Wednesday, December 13, 2006

Stinky Slow-Poke, Part 2

An article in today’s New York Times dining section addresses the sugar du jour--and the one that I’ve been baking with lately: unrefined cane sugar. In other words, cane syrup, brown sugar and molasses. I.e., Sugar in the Raw, not Splenda.

As Julia Moskin and Kim Severson point out, "for bakers everywhere, especially during the season of fruitcake and gingerbread, the distinct spicy, earthy flavor of unrefined cane--the taste of cane syrup, brown sugar and molasses--is irreplaceable. The classic recipes date back to a time before white sugar was found in every cupboard. We may pull out the ginger, nutmeg and cloves when baking for the holidays, but the truth is that the old-fashioned flavor (and toasty colors) of treats like spice cookies and plum pudding is really the flavor of unrefined sugar cane."

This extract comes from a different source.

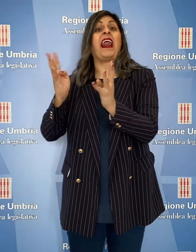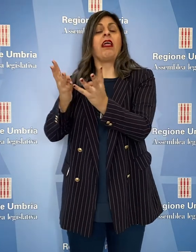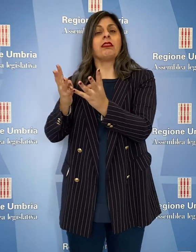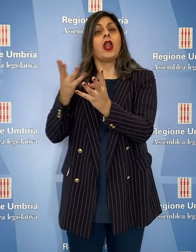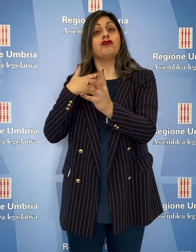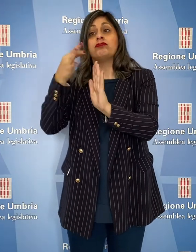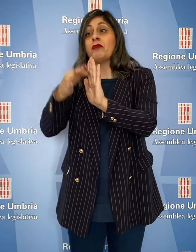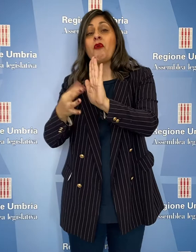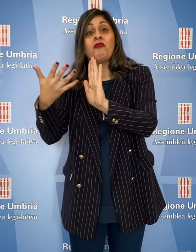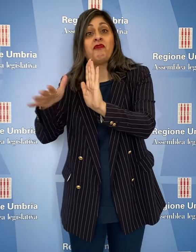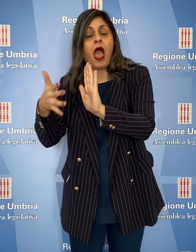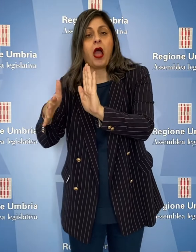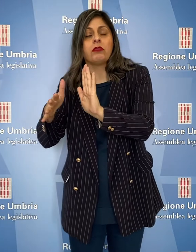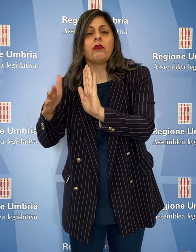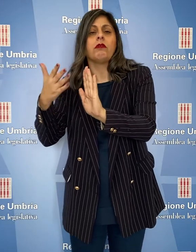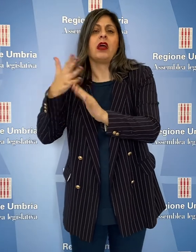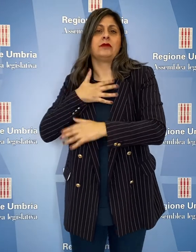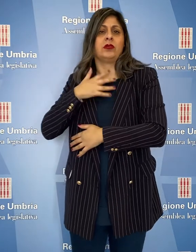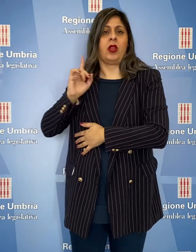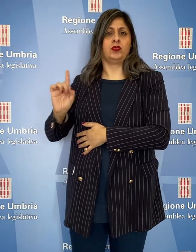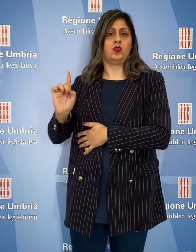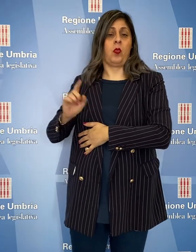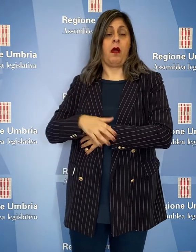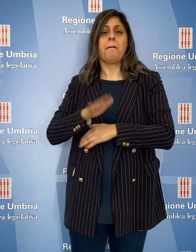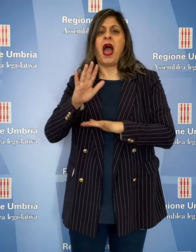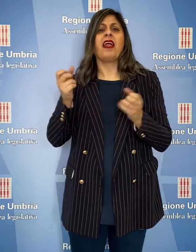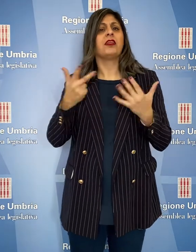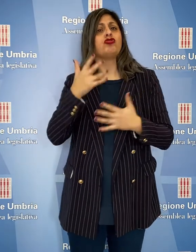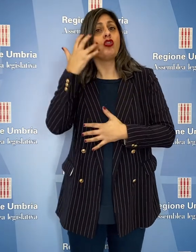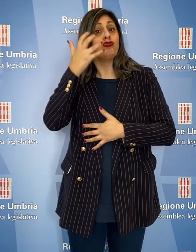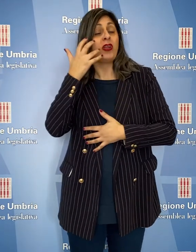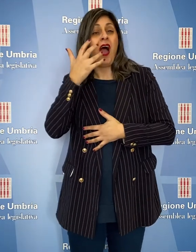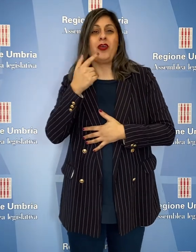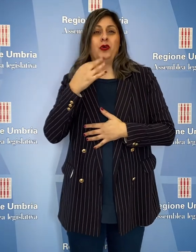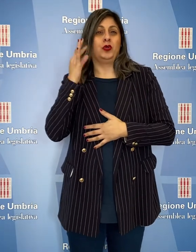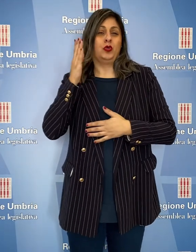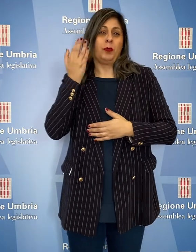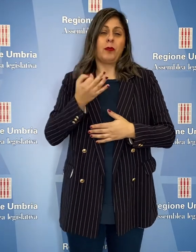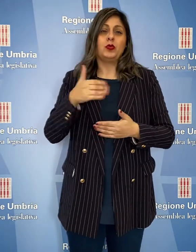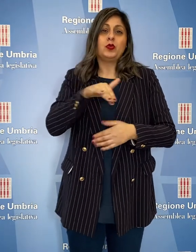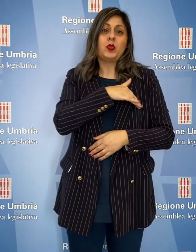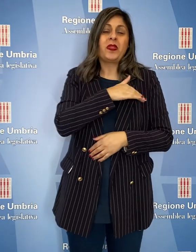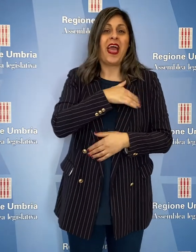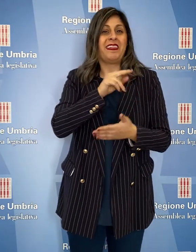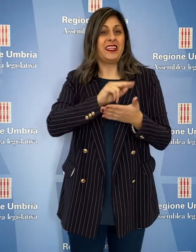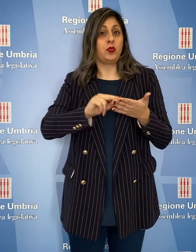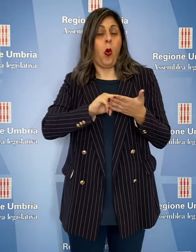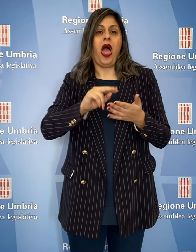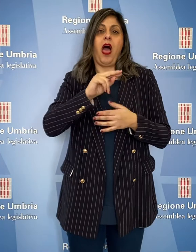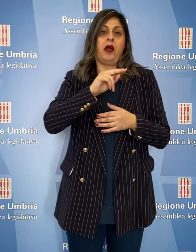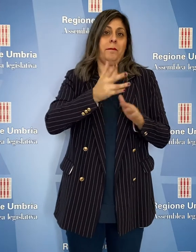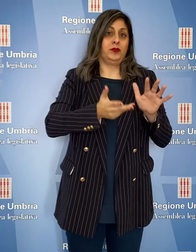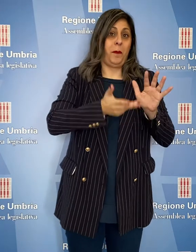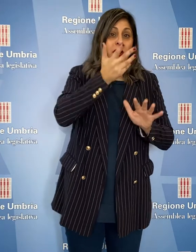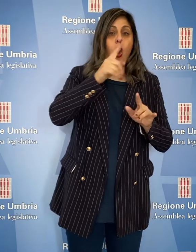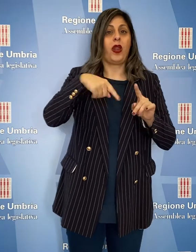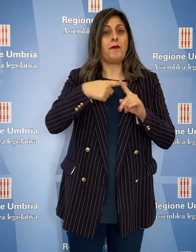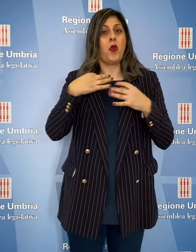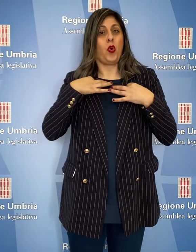Comunque, dal 18 gennaio, gli studenti delle scuole secondarie, anche dei convitti, il personale

I will say that those molasses spice cookies (see post below) I made last week have gone pretty quickly; my friends at the office gobbled them up--though they all thought they were ginger snaps before I notified them otherwise--and I bundled some and froze them to give as holiday gifts. The rest (a small tupperware full on my kitchen counter) are being rationed out to Fork and I, but I'm thinking of ditching that plan since their chewiness has already given way to crispiness...

Anyway, back to Moskin and Severson. They give "a quick sugar primer," explaining that the aforementioned sweeteners all start with the juice squeezed from sugar cane stalks. To make sugar, they say, the juice is quickly spun in a centrifuge. Pale amber crystals rise to the top, becoming sugar; the brown solids sink to the bottom, becoming molasses. Et voila.

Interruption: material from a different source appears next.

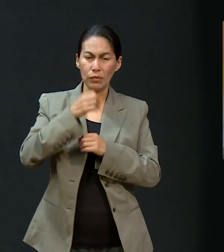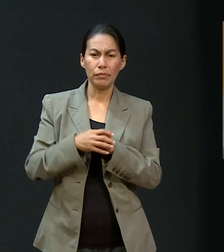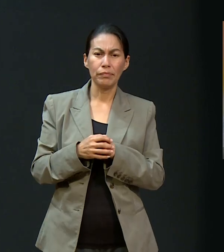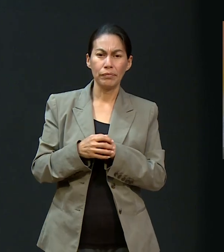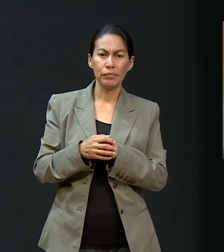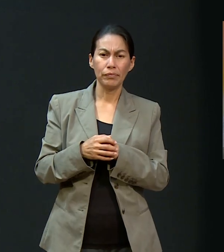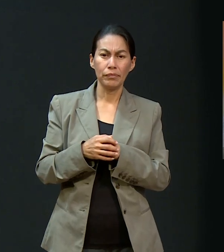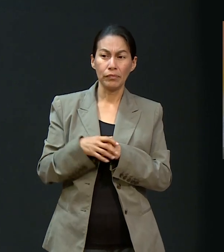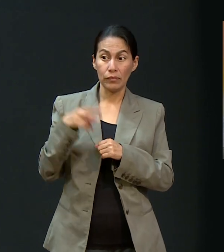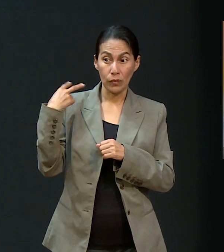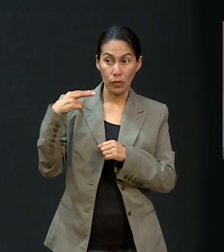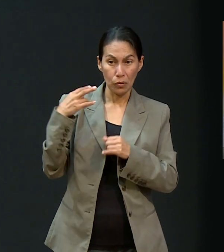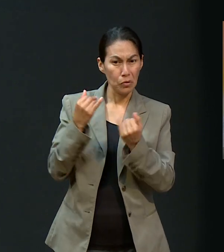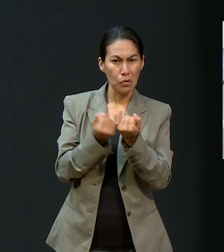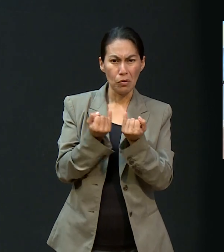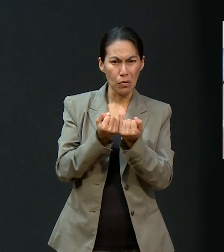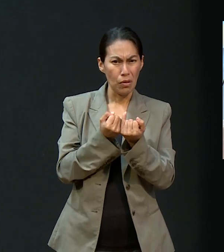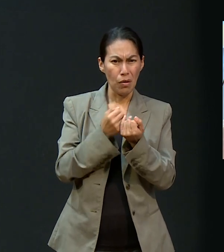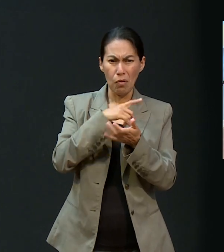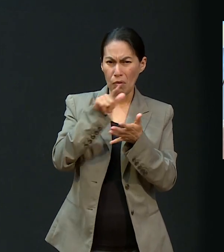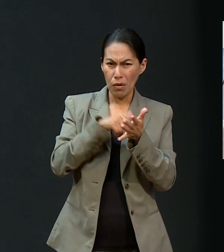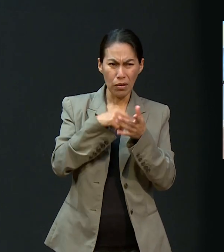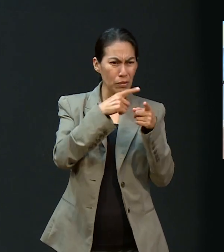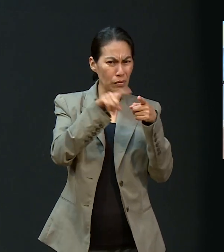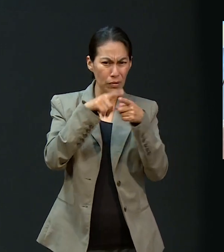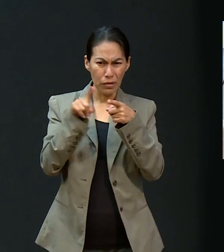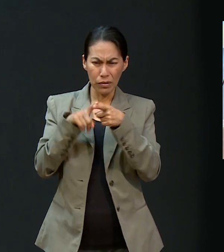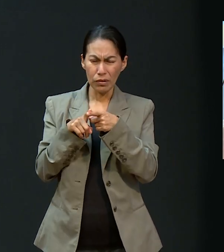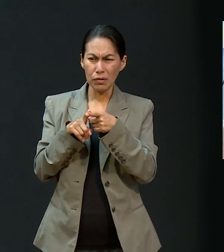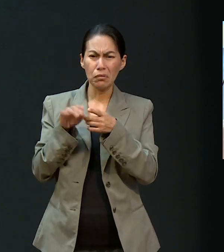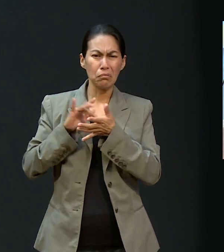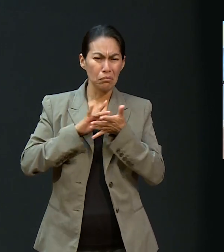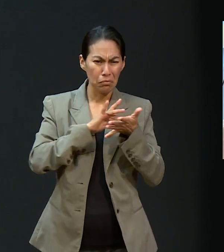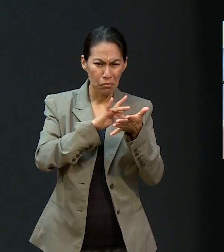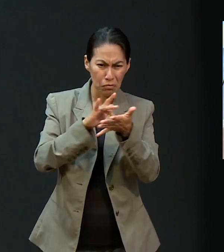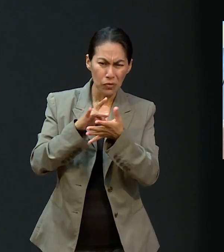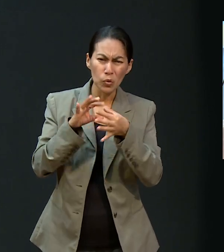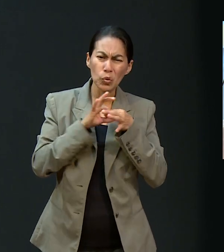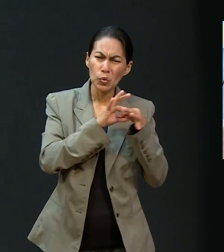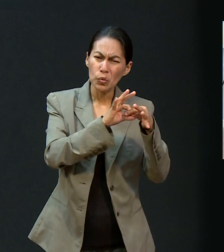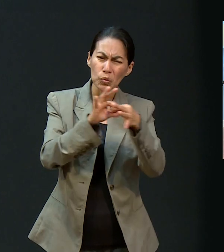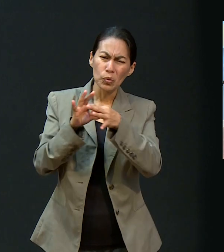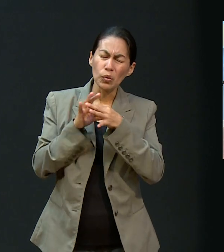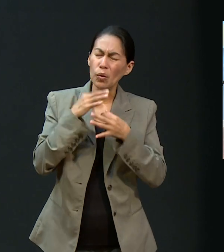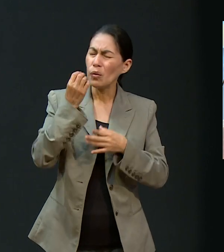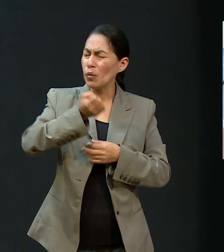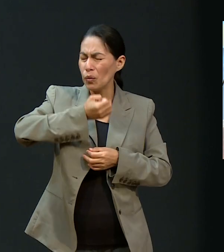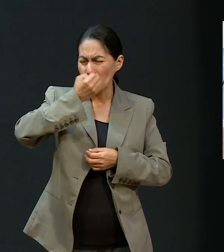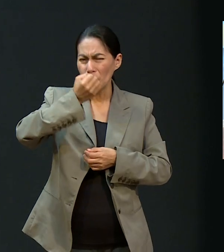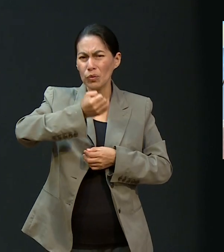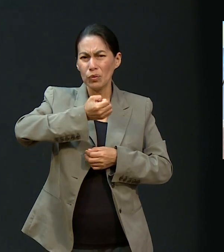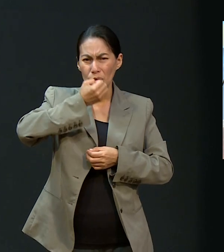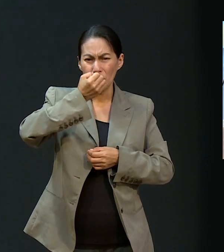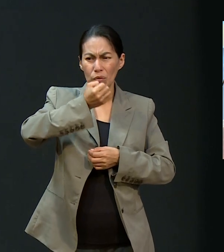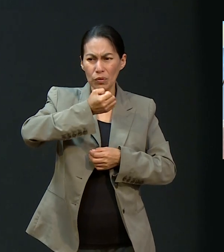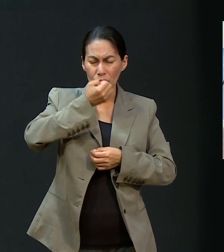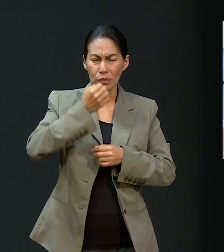otros hermanos se unieron. Yo en Veracruz igual. Diferentes partes. Y estuvimos ahí orando,

The article also pays homage to some of America’s sugar mommies--the good people of southern Louisiana, who basically have turbinado running through their blood and whose families have worked in the sugar business since the 1700s. Unsurprisingly, these folks have seen massive changes in the marketplace in the last 50 years: as Moskin and Severson write, "The American market for cane sugar has been shrinking steadily since the 1950s, under pressure from cheaper refined alternatives like beet sugar and corn syrup, and especially from synthetic sweeteners like sucralose, which is sold as Splenda. There are only a dozen sugar mills left in Louisiana." Supersize that.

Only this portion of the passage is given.